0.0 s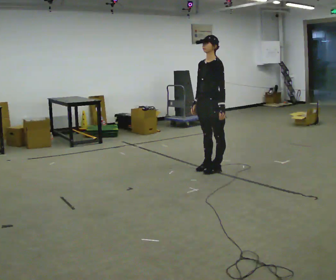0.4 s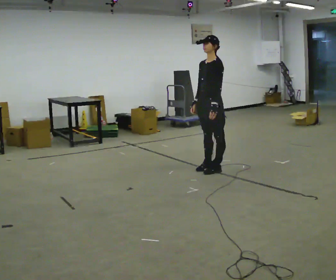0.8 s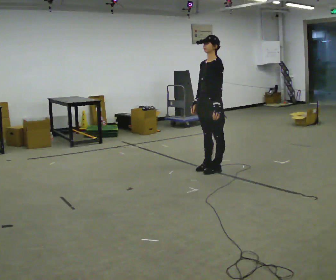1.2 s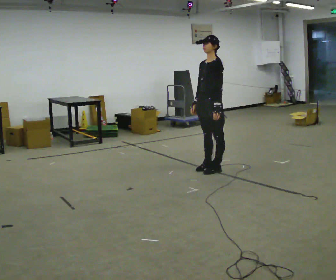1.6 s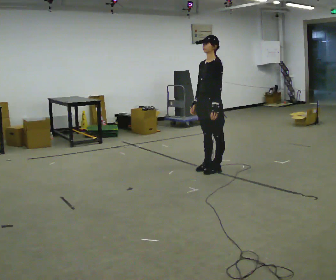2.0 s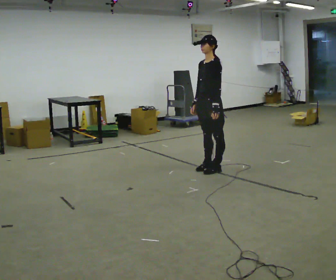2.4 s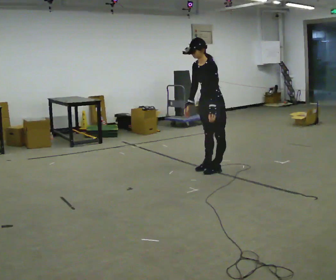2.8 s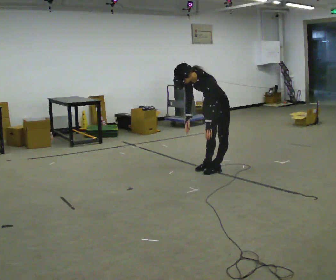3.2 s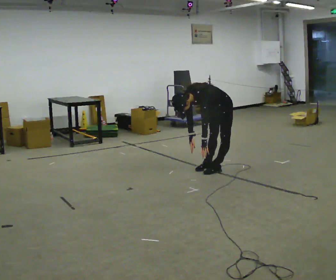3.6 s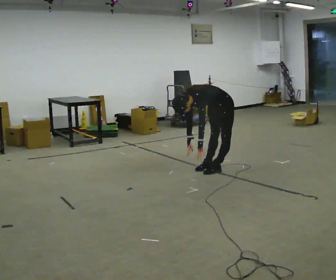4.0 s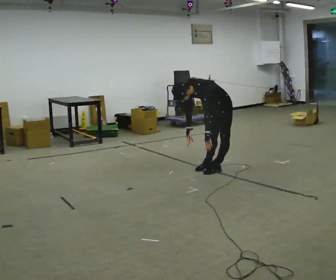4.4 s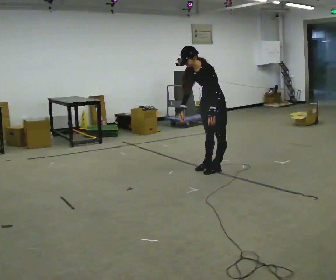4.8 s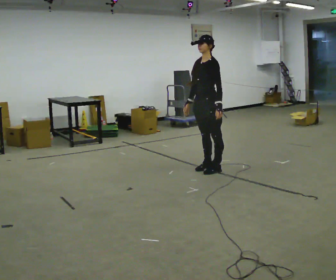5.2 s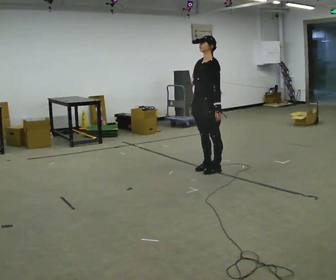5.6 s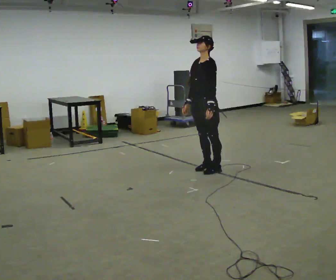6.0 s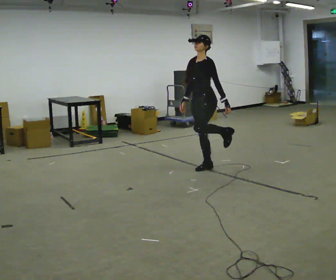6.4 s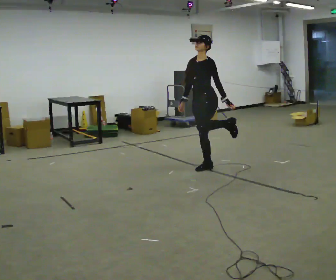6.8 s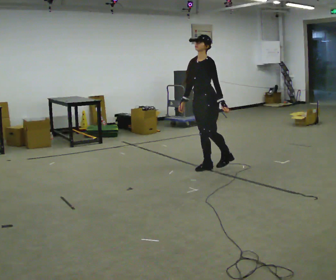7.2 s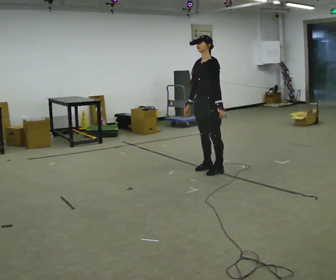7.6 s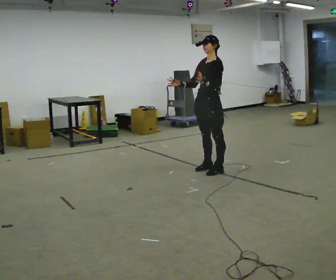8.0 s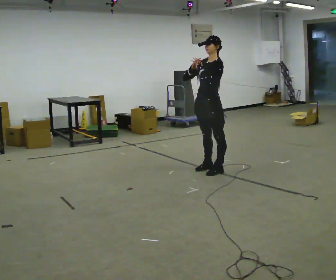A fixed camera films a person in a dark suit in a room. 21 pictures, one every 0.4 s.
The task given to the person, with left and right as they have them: Work through the stretches in order, holding each one briefly: touch your toes, pull each heel up behind you, stretch each arm across your chest, and stretch each calf. Stay in one place throughout.
0.0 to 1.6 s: The person moves a little, or ends about where they began.
1.6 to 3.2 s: The upper body goes downward. In the picture the upper body tilts counterclockwise, shoulders to the left, as they bend forward. In the picture their left hand goes downward.
3.2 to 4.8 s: In the picture they go to the left, about 0.25 m, which for them is forward. The upper body goes upward. In the picture the upper body tilts clockwise, shoulders to the right, as they lean back or straighten. In the picture their right hand goes upward.
4.8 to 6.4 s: The person moves a little, or ends about where they began.
6.4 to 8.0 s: In the picture their left hand goes upward.
The film runs forward here.
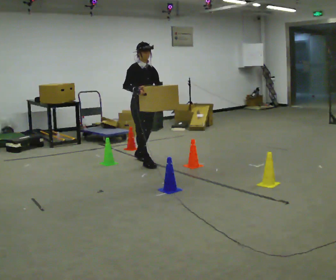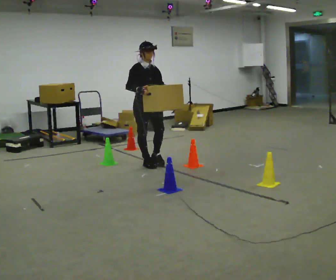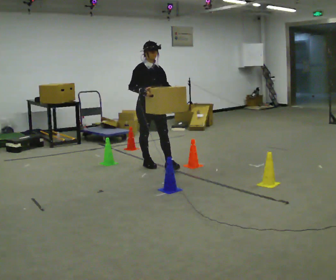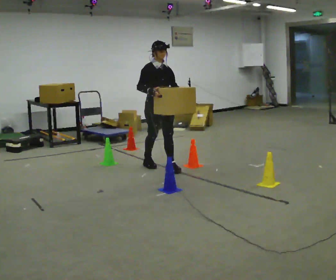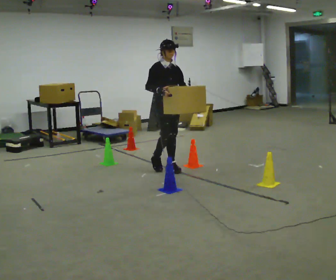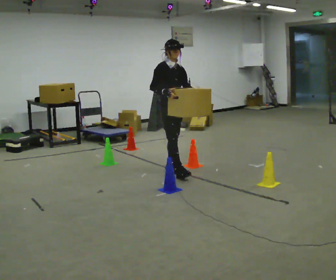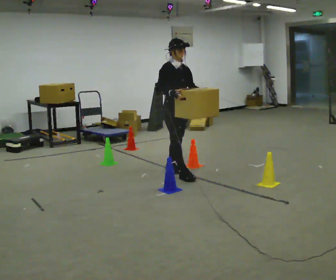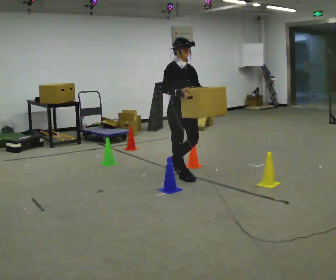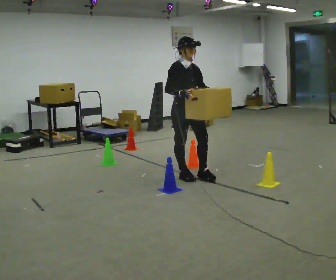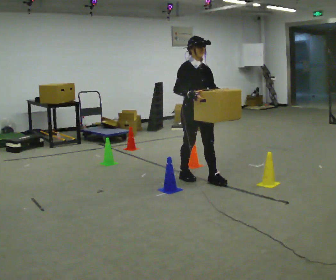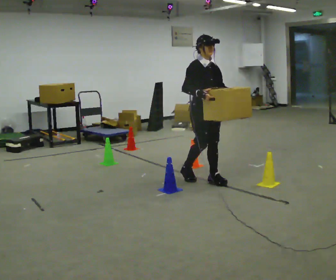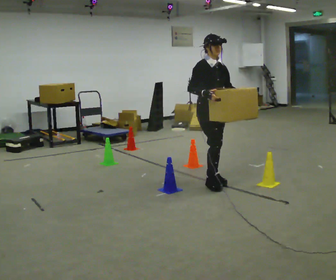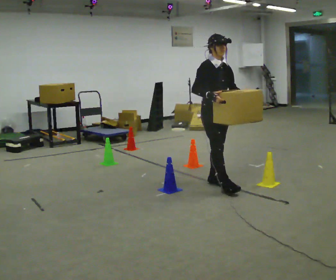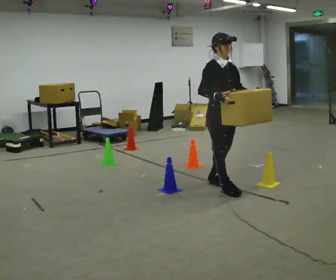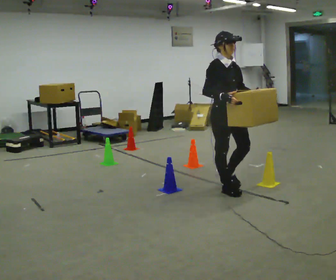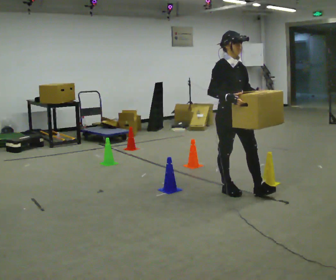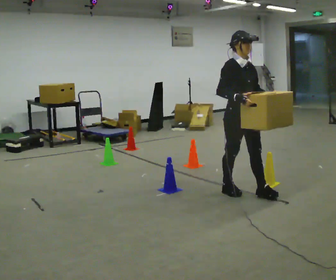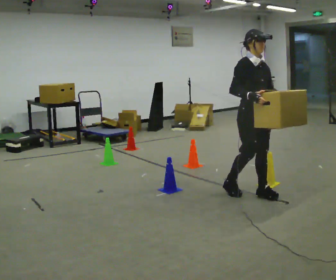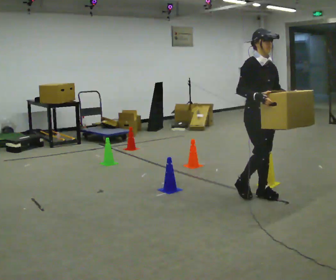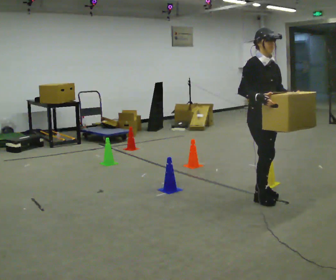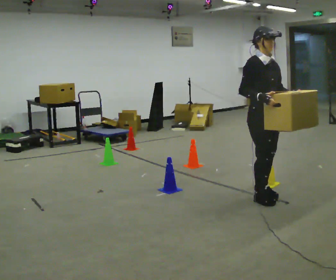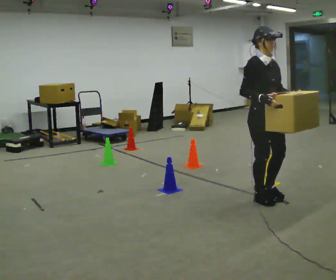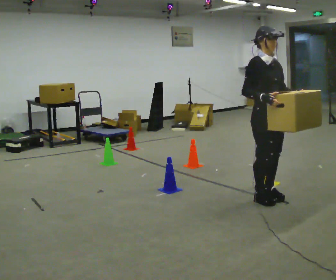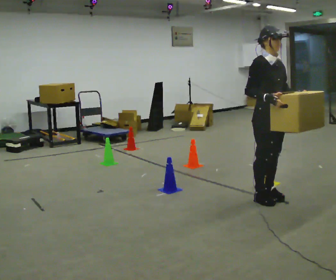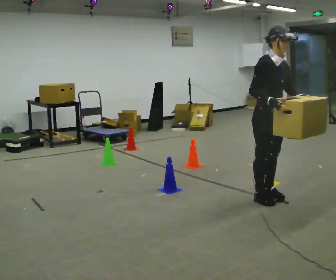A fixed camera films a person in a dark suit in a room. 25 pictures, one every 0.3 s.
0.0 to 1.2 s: In the picture they go to the right and toward the camera, about 0.5 m in 1 step, which for them is forward.
1.2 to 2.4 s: In the picture they go toward the camera and to the right, about 0.5 m in 1 step, which for them is forward.
2.4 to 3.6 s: In the picture they go to the right and toward the camera, about 0.5 m in 2 steps, which for them is forward.
3.6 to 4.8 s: In the picture they go toward the camera and to the right, about 0.5 m in 1 step, which for them is forward.
4.8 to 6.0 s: In the picture they go to the right and toward the camera, about 0.25 m in 1 step, which for them is forward.
6.0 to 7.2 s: The person moves a little, or ends about where they began.
The film runs forward here.
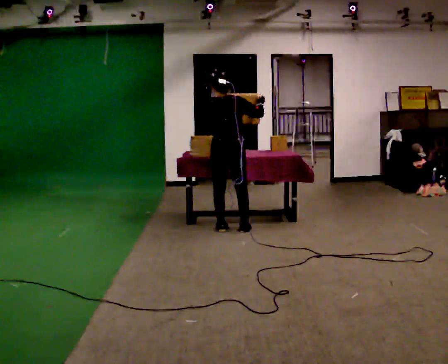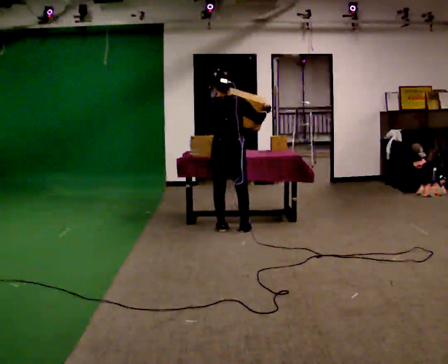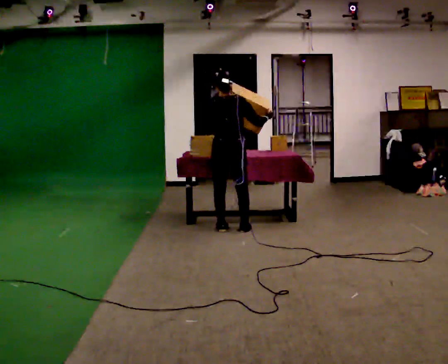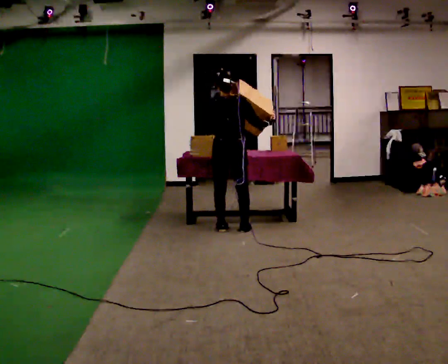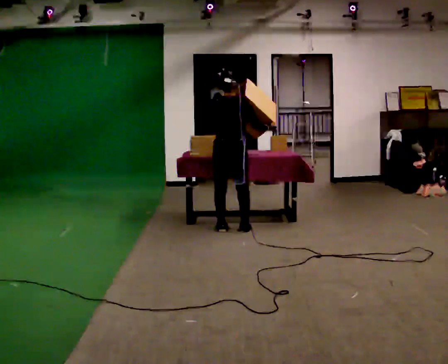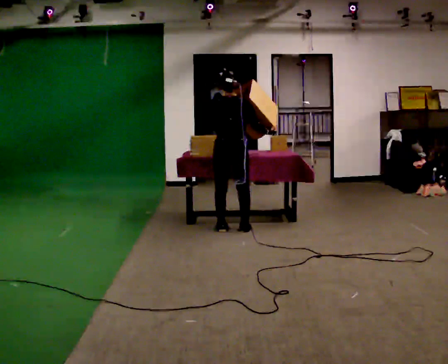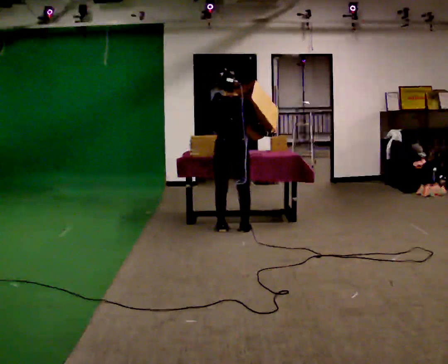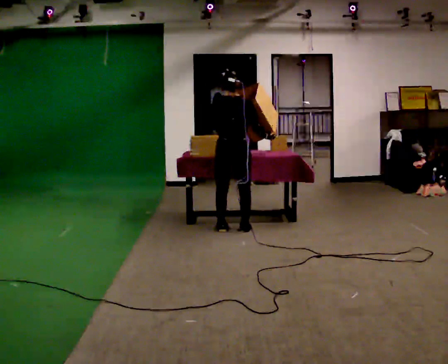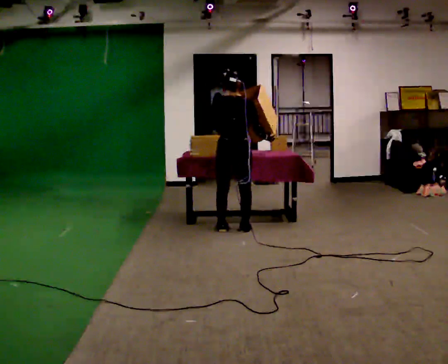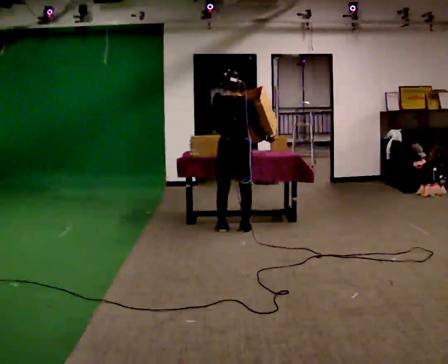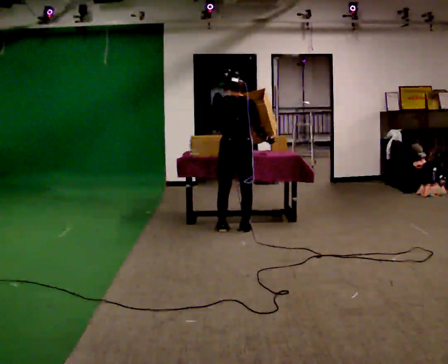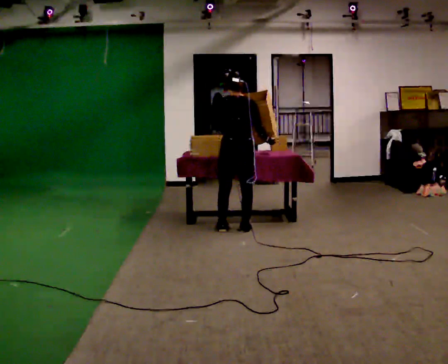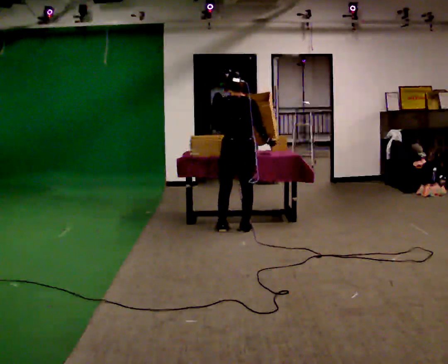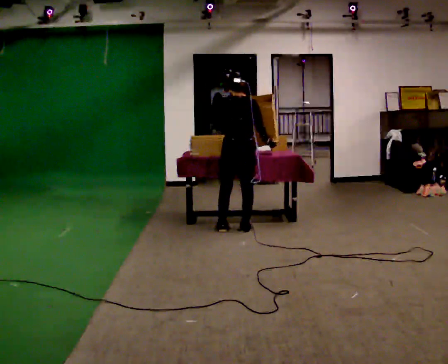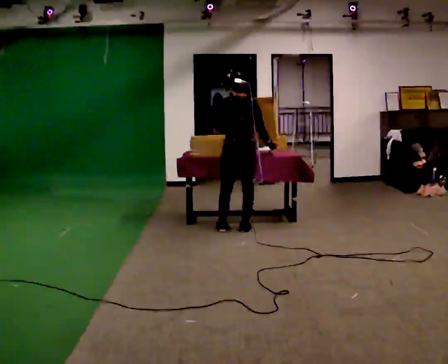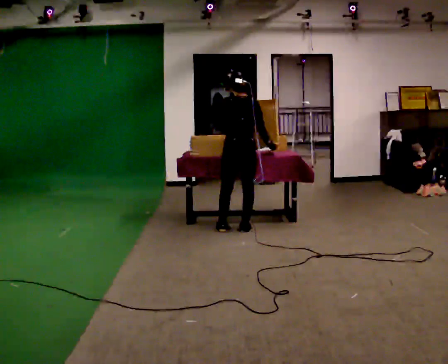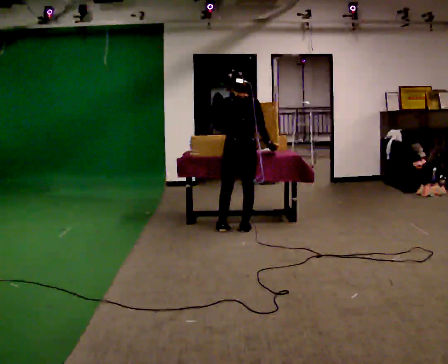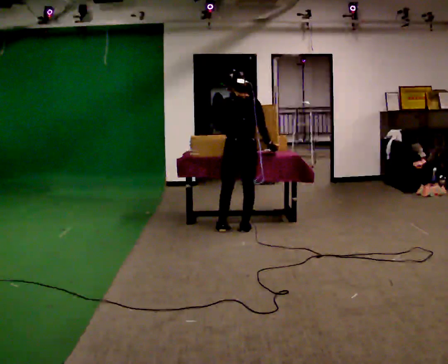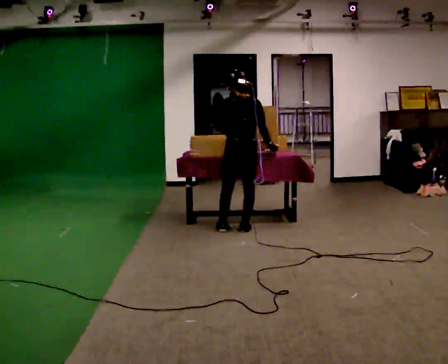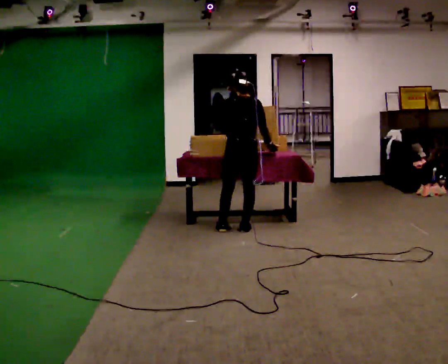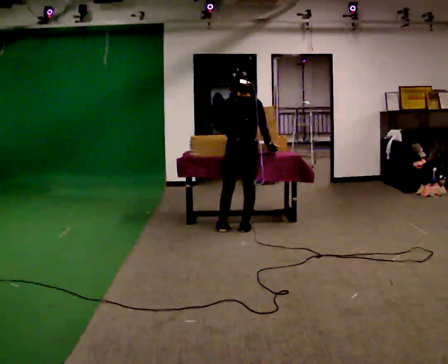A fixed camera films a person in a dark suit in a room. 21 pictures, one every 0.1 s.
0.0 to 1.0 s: In the picture their right hand goes downward, the arm swinging clockwise.
1.0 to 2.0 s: The person moves a little, or ends about where they began.
The film runs forward here.

************

WHAT IS EXPECTED » Leaving every picture out, return the lines from the one containing "every 0.1 s." through the last line of the records exactly.

SOLUTION »
A fixed camera films a person in a dark suit in a room. 21 pictures, one every 0.1 s.
0.0 to 1.0 s: In the picture their right hand goes downward, the arm swinging clockwise.
1.0 to 2.0 s: The person moves a little, or ends about where they began.
The film runs forward here.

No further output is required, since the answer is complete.